The clinical development of Influvac Tetra, a QIV, aimed to support an indication for use similar to the existing approved TIV (Influvac), i.e. prophylaxis of influenza, especially in those at increased risk of associated complications.
The results of two clinical studies with Influvac Tetra showed consistent immunogenicity across age groups, demonstrating non-inferiority for shared strains and superiority to TIV for the alternate lineage influenza B strains.
At-risk status did not affect post-vaccination anti-HA antibody levels with Influvac Tetra.

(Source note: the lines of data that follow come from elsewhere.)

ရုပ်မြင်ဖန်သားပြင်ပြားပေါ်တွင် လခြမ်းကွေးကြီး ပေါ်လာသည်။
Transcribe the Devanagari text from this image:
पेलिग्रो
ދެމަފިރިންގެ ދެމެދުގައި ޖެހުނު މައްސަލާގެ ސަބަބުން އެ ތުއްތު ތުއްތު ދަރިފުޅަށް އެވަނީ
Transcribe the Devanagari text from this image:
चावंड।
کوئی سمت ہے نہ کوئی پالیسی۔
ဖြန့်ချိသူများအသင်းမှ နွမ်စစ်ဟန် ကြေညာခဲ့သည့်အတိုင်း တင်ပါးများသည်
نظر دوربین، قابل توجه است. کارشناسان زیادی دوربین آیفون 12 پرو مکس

The absolute vaccine efficacy of Influvac Tetra in the prevention of symptomatic influenza against the matching strains in children aged 6-35 months was 68%, and against any circulating seasonal influenza strain was 54%. Subgroup analyses further demonstrated consistent vaccine efficacy estimates among all age groups, including children under the age of 2 years, making a case that Influvac Tetra is a priming vaccine in young children. Vaccine efficacy persisted throughout the season.

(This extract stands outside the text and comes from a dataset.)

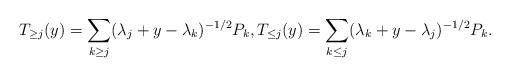
LaTeX: \begin{align*}T_{\geq j}(y)=\sum_{k\geq j}(\lambda_j+y-\lambda_k)^{-1/2}P_k,T_{\leq j}(y)=\sum_{k\leq j}(\lambda_k+y-\lambda_j)^{-1/2}P_k.\end{align*}

Besides the hemagglutination inhibition (HI) antibody titers, Influvac Tetra also elicits an increase in neuraminidase inhibition (NI) antibody titers and Virus Neutralization titers (VN).

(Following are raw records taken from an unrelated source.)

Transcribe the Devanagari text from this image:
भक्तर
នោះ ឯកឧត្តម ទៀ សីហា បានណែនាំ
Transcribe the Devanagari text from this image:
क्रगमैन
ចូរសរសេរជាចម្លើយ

Cell-mediated immunity assessed across the entire age range demonstrated increased postvaccination CD4+ T cells producing TNF alpha, IFN gamma, and IL2+, suggesting that vaccination with Influvac Tetra activates T helper cells and confirms its role in inducing cell-mediated immunity.
Influvac Tetra has a positive benefit-risk balance in children (over 6 months of age), adolescents, adults, and the elderly, and its safety profile is in line with the well-established safety profile of Influvac (TIV).
Declaration of interests
J Rogoll, J Nauta, S van de Witte, and A Kondratenko, are employed by Abbott, the company that manufactures Influvac and Influvac Tetra. S Hadigal and L Colombo are employees of Viatris. The authors have no other relevant affiliations or financial involvement with any organization or entity with a financial interest in or financial conflict with the subject matter or material discussed in the manuscript apart from those disclosed.
Reviewer disclosures
A reviewer on this manuscript discloses that they are an owner of intellectual property pertaining to the molecular clamp vaccine platform. They are also a scientific advisor to Vicebio Ltd. A second reviewer has disclosed that they receive honoraria from Abbott. Peer reviewers on this manuscript have no other relevant financial or other relationships to disclose.
Author contributions
Laura Colombo, Sanjay Hadigal, Jutta Rogoll and Serge van de Witte contributed to the design and implementation, data interpretation, drafting and editing of this review paper. Jos Nauta was the statistical lead and was primarily involved in the clinical study design, statistical analyses, and data interpretation. Alona Kondratenko revised the manuscript critically for important intellectual content. All authors contributed to the data interpretation, development, and review of this manuscript and confirm that they have read the Journal’s position on issues involved in ethical publication and affirm that this report is consistent with those guidelines. The sponsor also provided a formal review of this manuscript. All authors met ICMJE criteria and all those who fulfilled those criteria are listed as authors. All authors had access to the study data and made the final decision about where to publish these data and approved submission to this journal.
Correction Statement
This article has been corrected with minor changes. These changes do not impact the academic content of the article.